#### Problem details:
After going through the data below, state how many lines contain "white", and nothing else.

#### Information:
━━━━━━

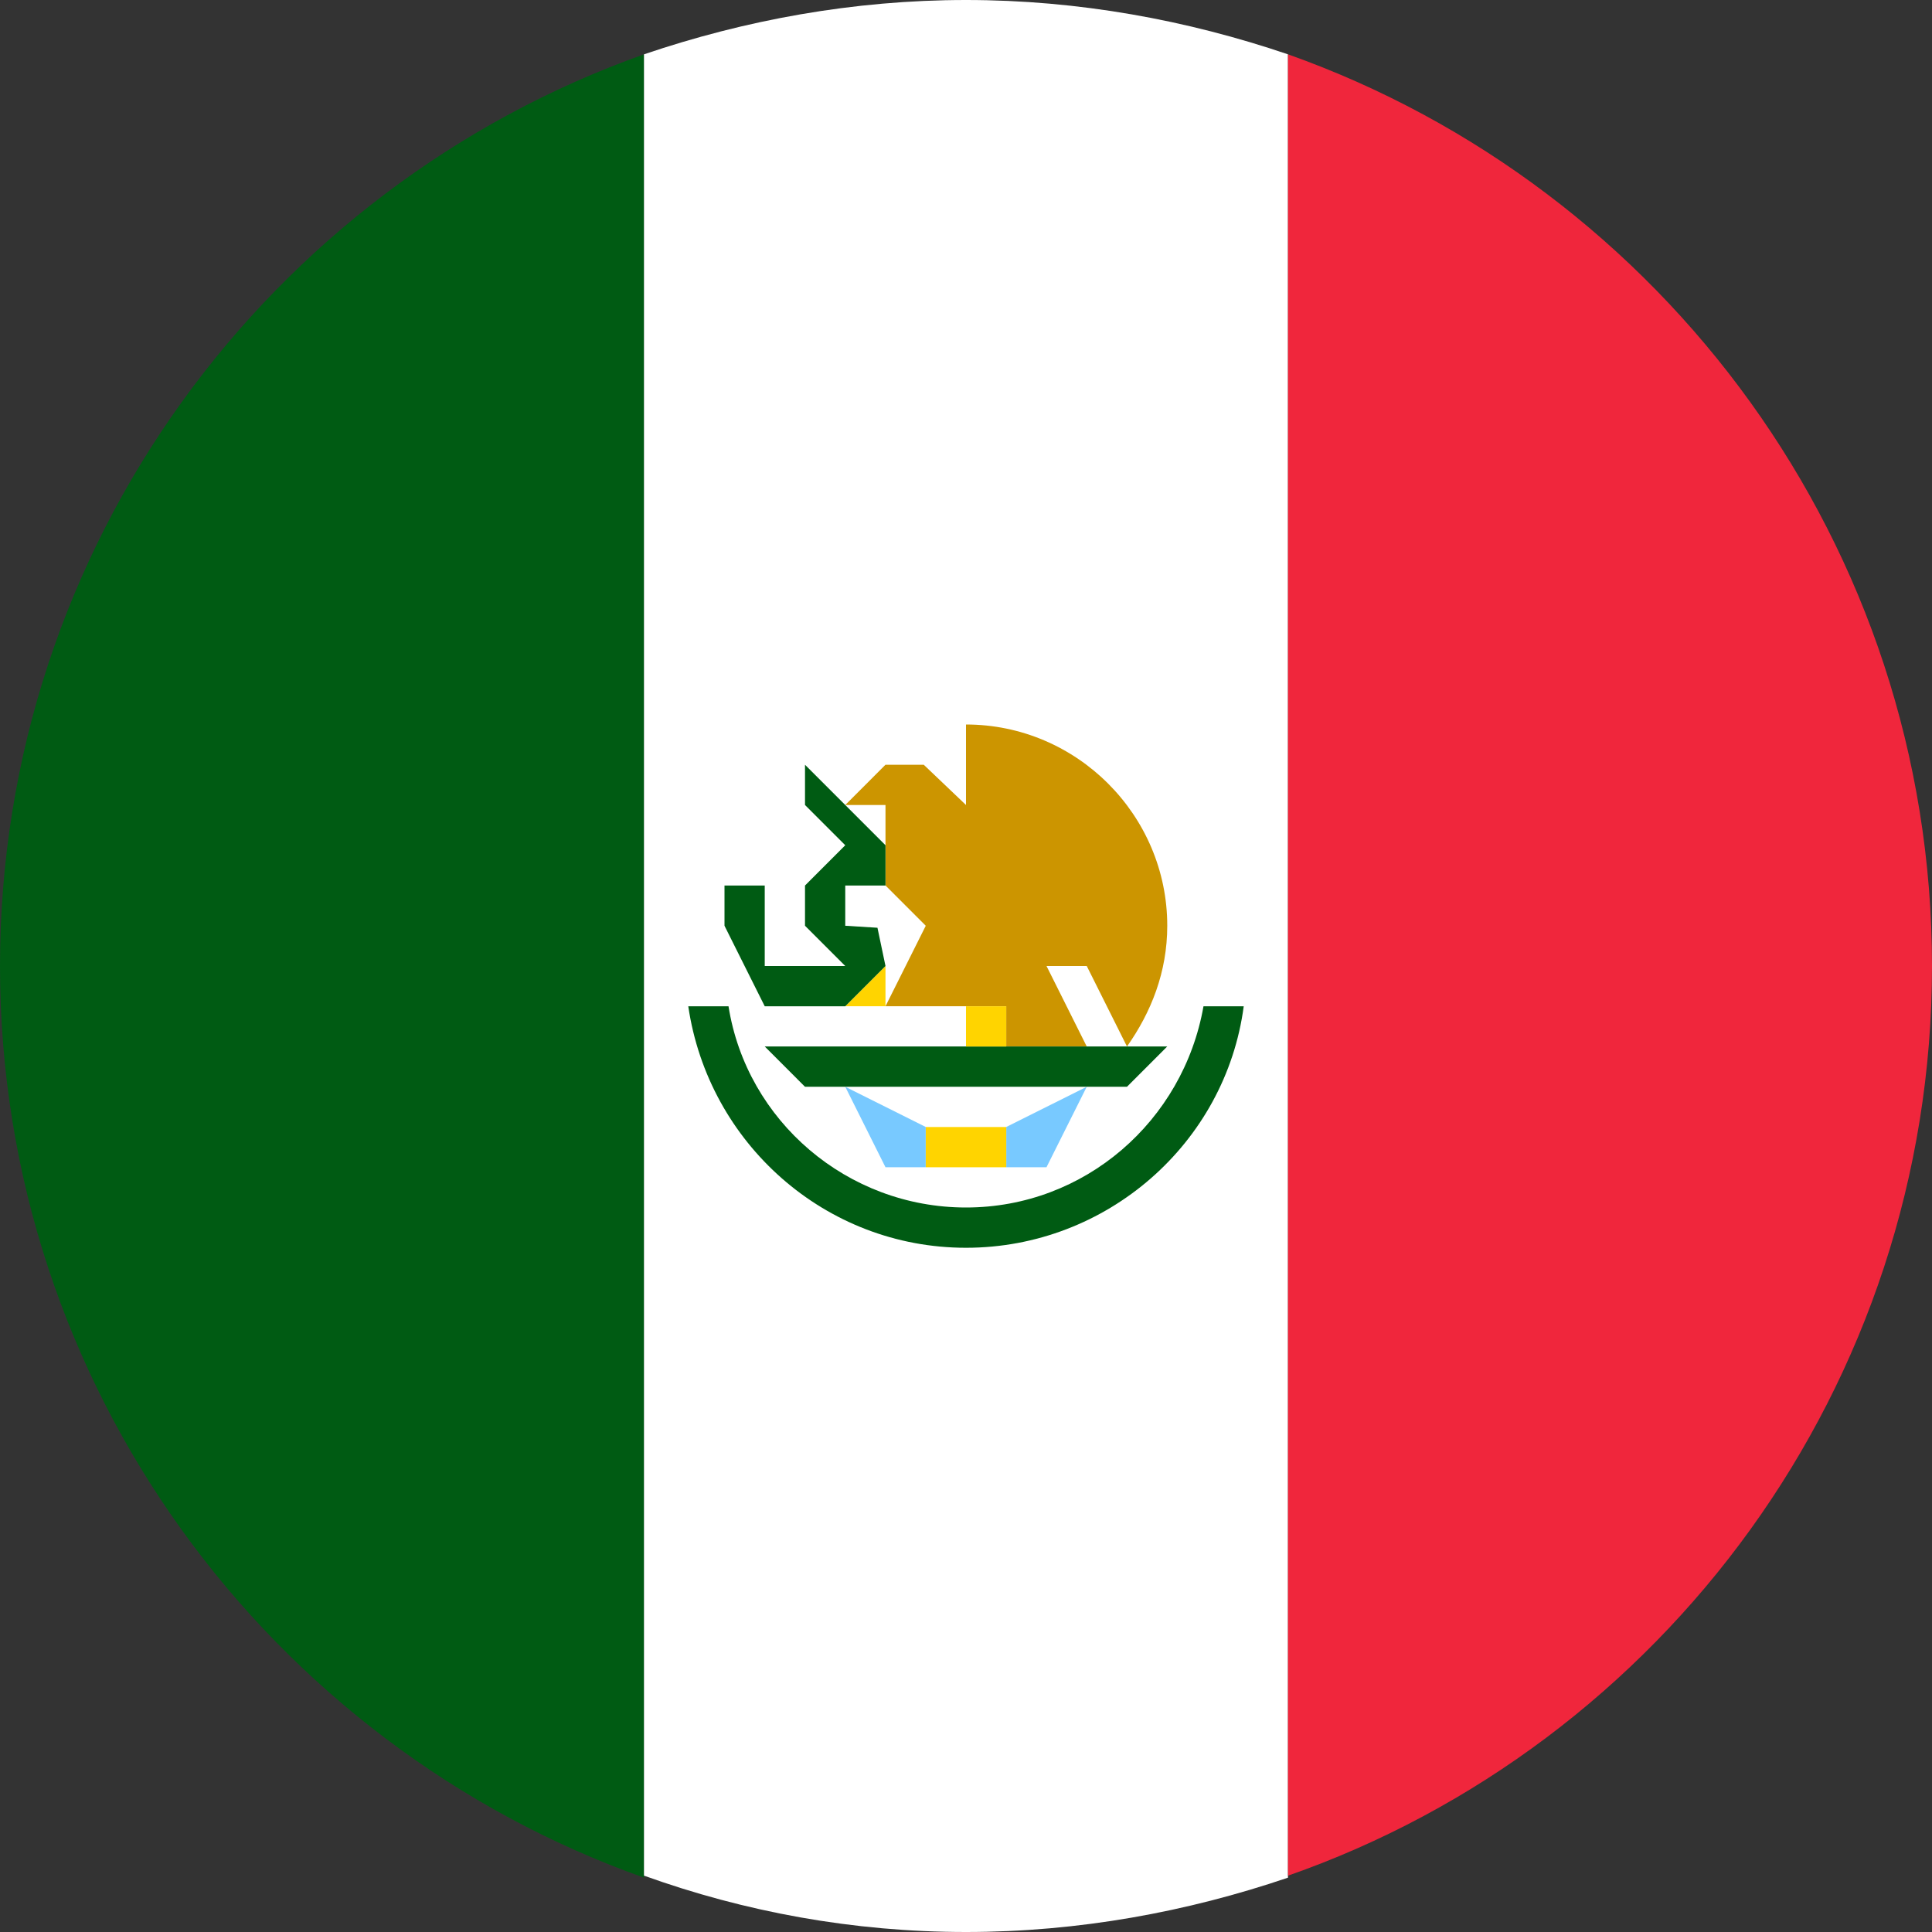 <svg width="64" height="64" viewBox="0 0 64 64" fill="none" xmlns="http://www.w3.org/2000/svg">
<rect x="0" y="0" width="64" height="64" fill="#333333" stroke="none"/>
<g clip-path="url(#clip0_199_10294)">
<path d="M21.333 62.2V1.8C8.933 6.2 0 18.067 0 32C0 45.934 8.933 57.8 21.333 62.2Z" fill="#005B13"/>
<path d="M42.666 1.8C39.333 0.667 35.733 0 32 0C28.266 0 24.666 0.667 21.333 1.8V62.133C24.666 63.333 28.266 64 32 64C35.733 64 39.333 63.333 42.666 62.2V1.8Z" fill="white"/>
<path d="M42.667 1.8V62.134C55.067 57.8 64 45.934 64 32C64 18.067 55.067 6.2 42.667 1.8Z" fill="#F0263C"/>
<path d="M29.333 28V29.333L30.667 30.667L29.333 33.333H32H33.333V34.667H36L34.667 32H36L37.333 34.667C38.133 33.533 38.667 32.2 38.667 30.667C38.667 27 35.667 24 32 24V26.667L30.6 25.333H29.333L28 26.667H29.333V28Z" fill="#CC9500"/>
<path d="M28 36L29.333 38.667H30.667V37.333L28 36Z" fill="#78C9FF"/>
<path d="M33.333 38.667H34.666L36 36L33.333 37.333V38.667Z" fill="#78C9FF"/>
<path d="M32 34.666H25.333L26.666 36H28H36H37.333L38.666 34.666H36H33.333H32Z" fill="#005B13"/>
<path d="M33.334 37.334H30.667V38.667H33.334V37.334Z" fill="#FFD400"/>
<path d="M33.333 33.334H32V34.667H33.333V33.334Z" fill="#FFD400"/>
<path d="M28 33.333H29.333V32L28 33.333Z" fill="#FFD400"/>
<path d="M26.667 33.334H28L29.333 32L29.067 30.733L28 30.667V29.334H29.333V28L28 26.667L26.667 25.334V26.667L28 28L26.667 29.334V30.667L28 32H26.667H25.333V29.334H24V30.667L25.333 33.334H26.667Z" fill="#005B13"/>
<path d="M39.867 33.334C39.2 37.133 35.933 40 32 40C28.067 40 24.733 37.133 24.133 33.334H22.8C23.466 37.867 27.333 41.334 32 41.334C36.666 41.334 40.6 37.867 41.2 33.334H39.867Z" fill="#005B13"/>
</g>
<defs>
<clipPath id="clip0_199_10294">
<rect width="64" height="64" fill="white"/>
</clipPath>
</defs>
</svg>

━━━━━━

#### Result of the exercise:
2